Bahkan dengan pemilik rumah pun, FN tidak pernah menyapa. “Katanya sejak SMA dia lebih banyak di kamar, jarang keluar rumah, bahkan sama orang rumah juga jarang ngobrol,” kata Danny.

Diduga Korban Bullying

Terdapat kesaksian bahwa FN diduga menjadi korban bullying di sekolahnya. Hal itu menurut kesaksian ZA, siswa kelas XI SMAN 72 kepada TribunJakarta, mengatakan terduga pelaku dikenal sebagai sosok yang kerap dibully.

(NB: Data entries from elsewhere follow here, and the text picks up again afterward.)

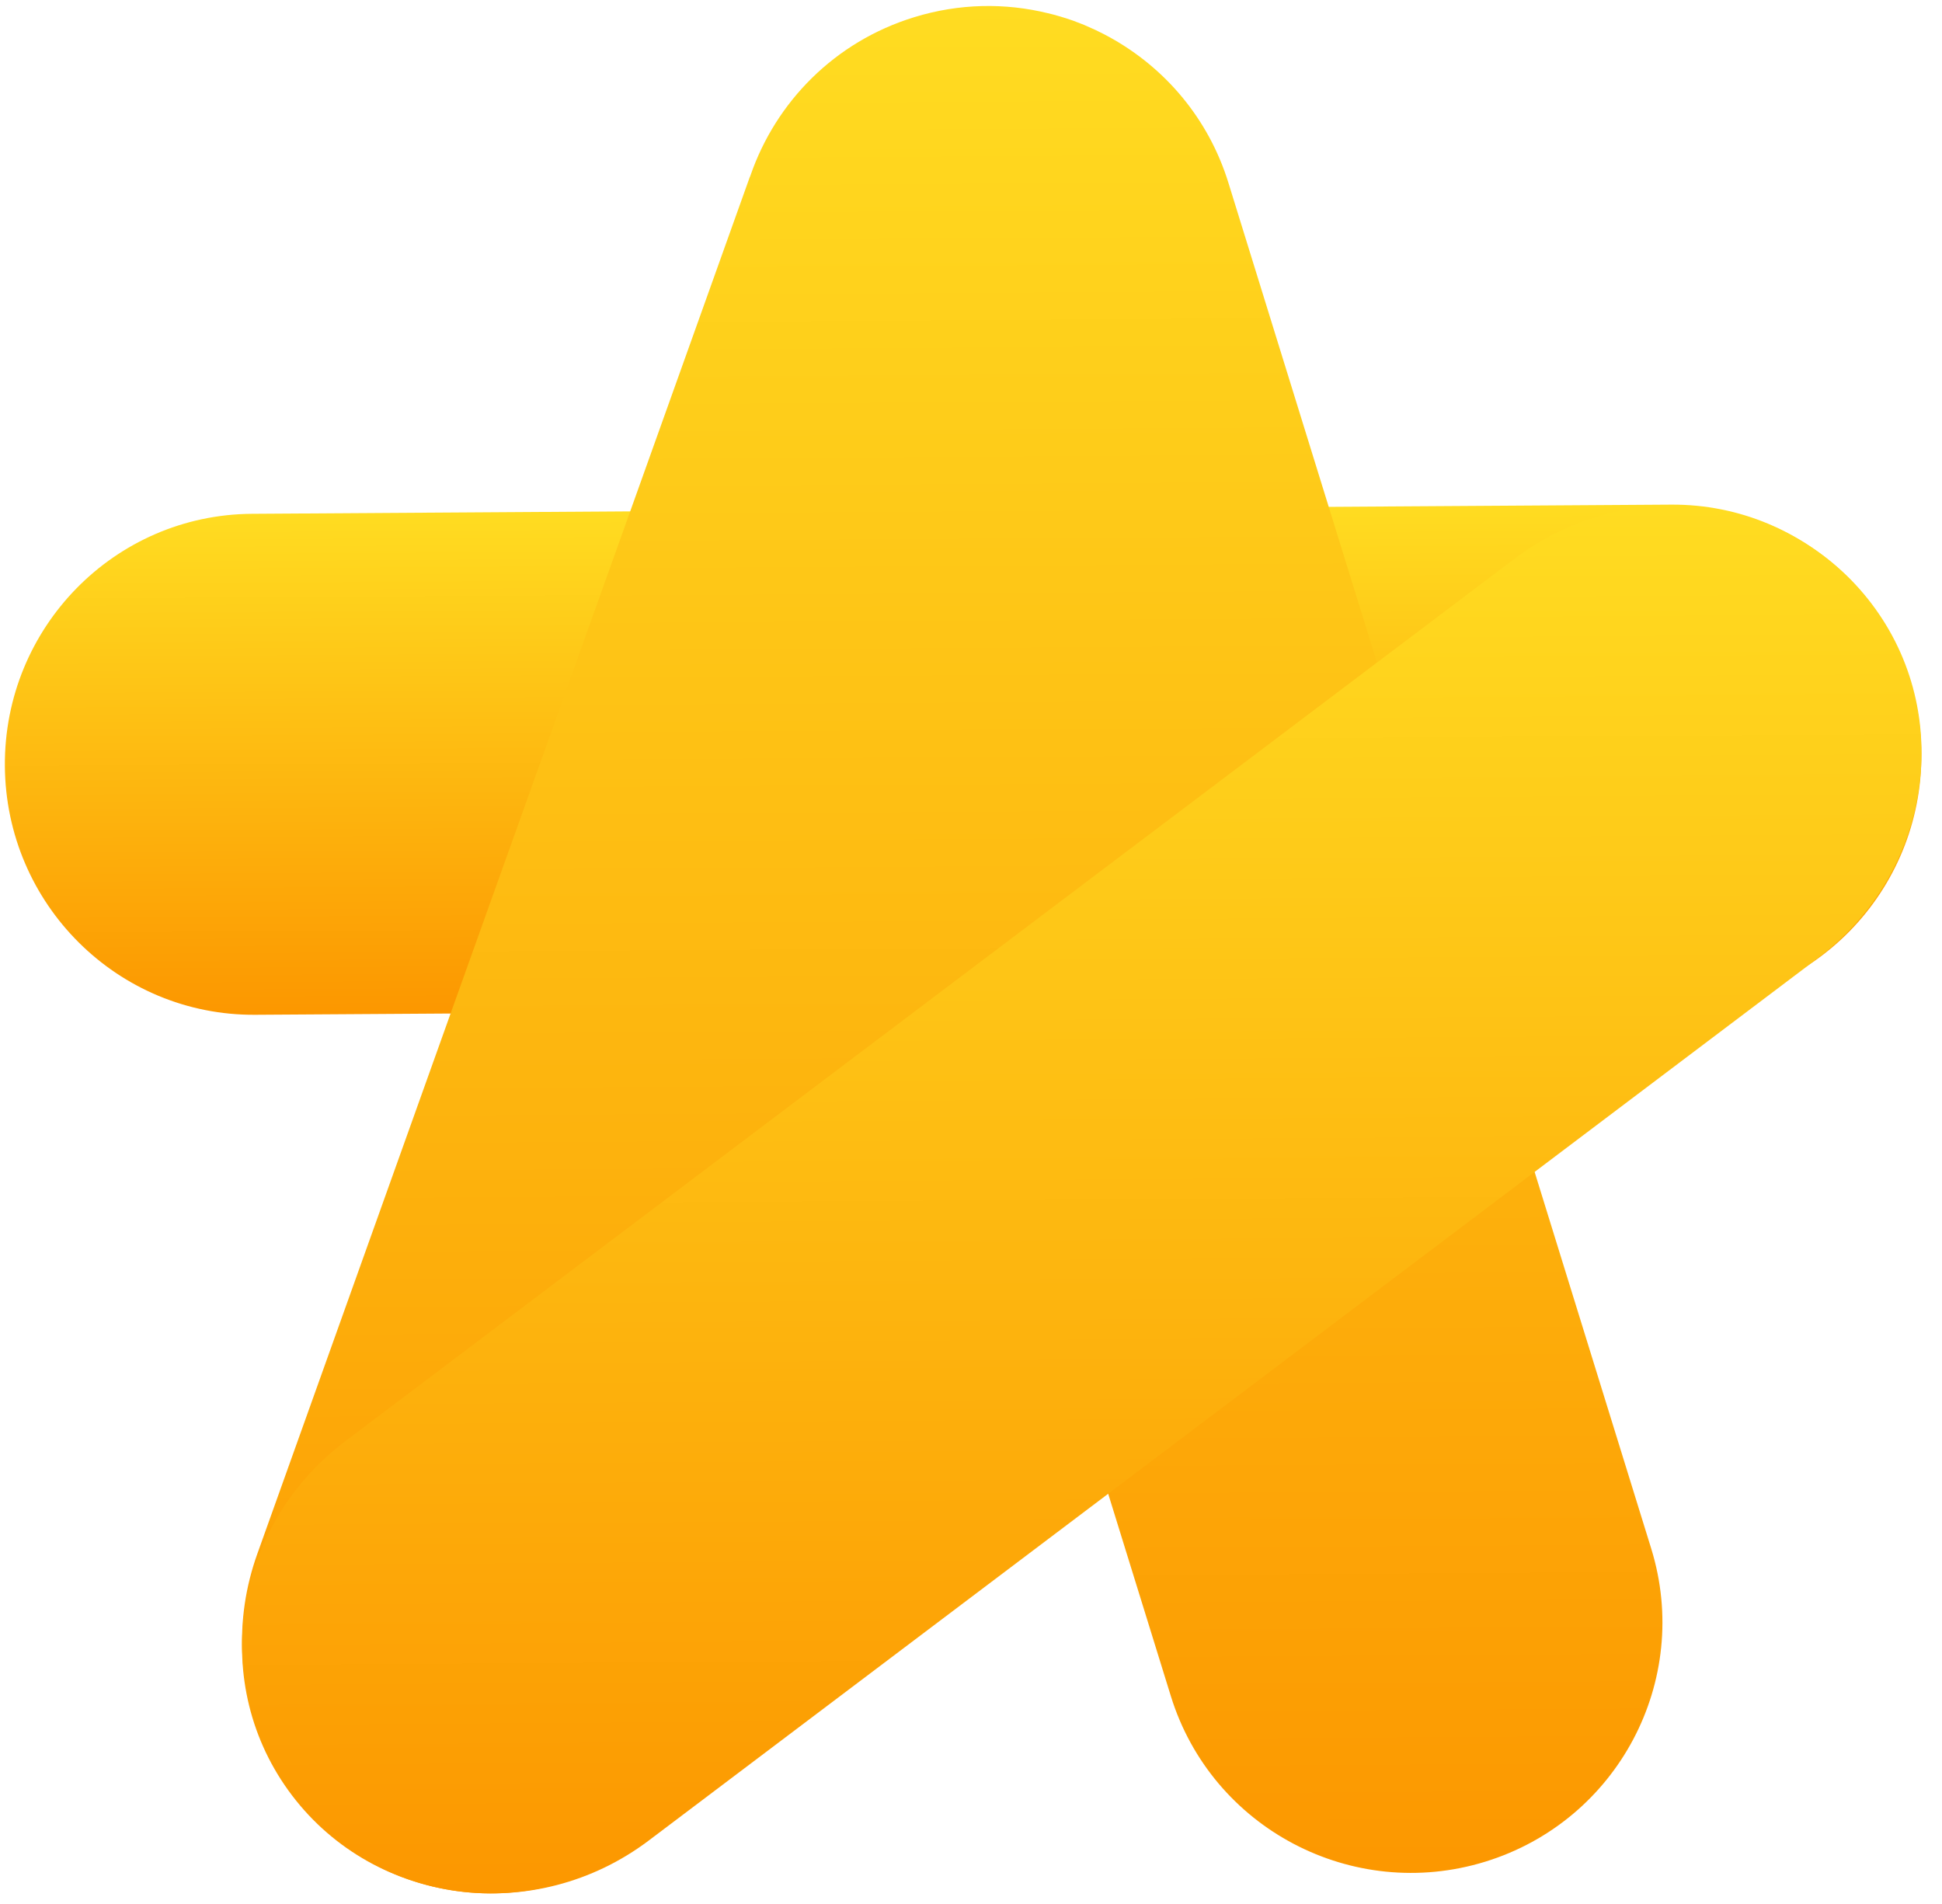 <svg width="51" height="50" viewBox="0 0 51 50" fill="none" xmlns="http://www.w3.org/2000/svg">
<path d="M43.971 26.408L6.701 26.649C3.094 26.672 0.151 23.746 0.128 20.113C0.104 16.48 3.008 13.516 6.616 13.493L43.886 13.252C47.493 13.229 50.435 16.155 50.459 19.788C50.482 23.421 47.578 26.384 43.971 26.408Z" fill="url(#paint0_linear_127_571)"/>
<path d="M43.363 40.665L32.259 4.797C31.733 3.101 30.584 1.772 29.14 0.977C29.117 0.964 29.094 0.951 29.072 0.94C29.011 0.906 28.949 0.877 28.886 0.845C28.848 0.827 28.811 0.806 28.771 0.788C28.716 0.762 28.661 0.738 28.604 0.714C28.559 0.693 28.515 0.673 28.47 0.654C28.379 0.617 28.288 0.582 28.198 0.549C28.188 0.545 28.179 0.542 28.168 0.538C28.062 0.501 27.956 0.466 27.848 0.435C27.839 0.431 27.829 0.429 27.82 0.427C27.721 0.398 27.621 0.37 27.521 0.347C27.521 0.347 27.521 0.347 27.519 0.347C26.397 0.072 25.191 0.087 24.007 0.452C21.914 1.095 20.374 2.684 19.711 4.601C19.704 4.624 19.694 4.645 19.685 4.665L6.757 40.806C5.506 44.304 7.276 48.129 10.708 49.347C14.141 50.565 17.941 48.719 19.191 45.221L25.498 27.587L30.749 44.543C31.824 48.015 35.52 49.961 39.002 48.89C42.484 47.819 44.438 44.135 43.363 40.665Z" fill="url(#paint1_linear_127_571)"/>
<path d="M47.75 25.154L17.038 48.333C14.066 50.575 9.872 50.046 7.671 47.151C5.47 44.256 6.096 40.089 9.069 37.846L39.78 14.668C42.753 12.425 46.947 12.954 49.147 15.849C51.348 18.745 50.722 22.912 47.75 25.154Z" fill="url(#paint2_linear_127_571)"/>
<defs>
<linearGradient id="paint0_linear_127_571" x1="25.251" y1="13.373" x2="25.336" y2="26.528" gradientUnits="userSpaceOnUse">
<stop stop-color="#FFDC21"/>
<stop offset="1" stop-color="#FC9700"/>
</linearGradient>
<linearGradient id="paint1_linear_127_571" x1="24.731" y1="0.165" x2="25.051" y2="49.644" gradientUnits="userSpaceOnUse">
<stop stop-color="#FFDC21"/>
<stop offset="1" stop-color="#FC9700"/>
</linearGradient>
<linearGradient id="paint2_linear_127_571" x1="28.292" y1="13.38" x2="28.526" y2="49.621" gradientUnits="userSpaceOnUse">
<stop stop-color="#FFDC21"/>
<stop offset="1" stop-color="#FC9700"/>
</linearGradient>
</defs>
</svg>

Ia selalu terlihat sendiri, dengan gayanya yang khas memakai jas putih.

“Korban dibully di sekolah, dia selalu sendiri ke mana-mana.” “Terus dia sering pakai jas putih, ya gitu lah,” kata ZA.

FN diduga merakit bom secara mandiri dan diledakkan untuk membalas dendam terhadap para pembullynya. “Kaya pengin balas dendam ke korban-korbannya, kaya pengin ke pembully tapi malah ke semuanya,” kata ZA.

ZA juga menjelaskan, ledakan bukan hanya sekali, tapi tiga kali di lokasi berbeda. “Katanya dia tuh ngerakit bomnya sendiri, terus sudah di-timer-in di tiga daerah, yang pertama di musala, kedua di kantin, ketiga di tempat duduk-duduk anak-anaklah,” kata ZA.

ZA sendiri merasakan langsung ledakan yang diduga berasal dari bom rakitan itu. Ada tiga kali ledakan di lokasi berbeda, berawal dari musala. Pertama pas saya di musala itu sekali. Pas saya lari-lari mencar gitu ada yang kedua, ada yang ketiga,” ujarnya.

ZA juga mengonfirmasi bahwa foto yang beredar dengan posisi tergeletak bersimbah darah dengan senjata di dekatnya, adalah terduga pelaku. “Itu terduga pelaku,” kata ZA. “Itu dia di sebelah belakang kantin,” lanjut kata ZA menjelaskan latar lokasi foto terduga pelaku.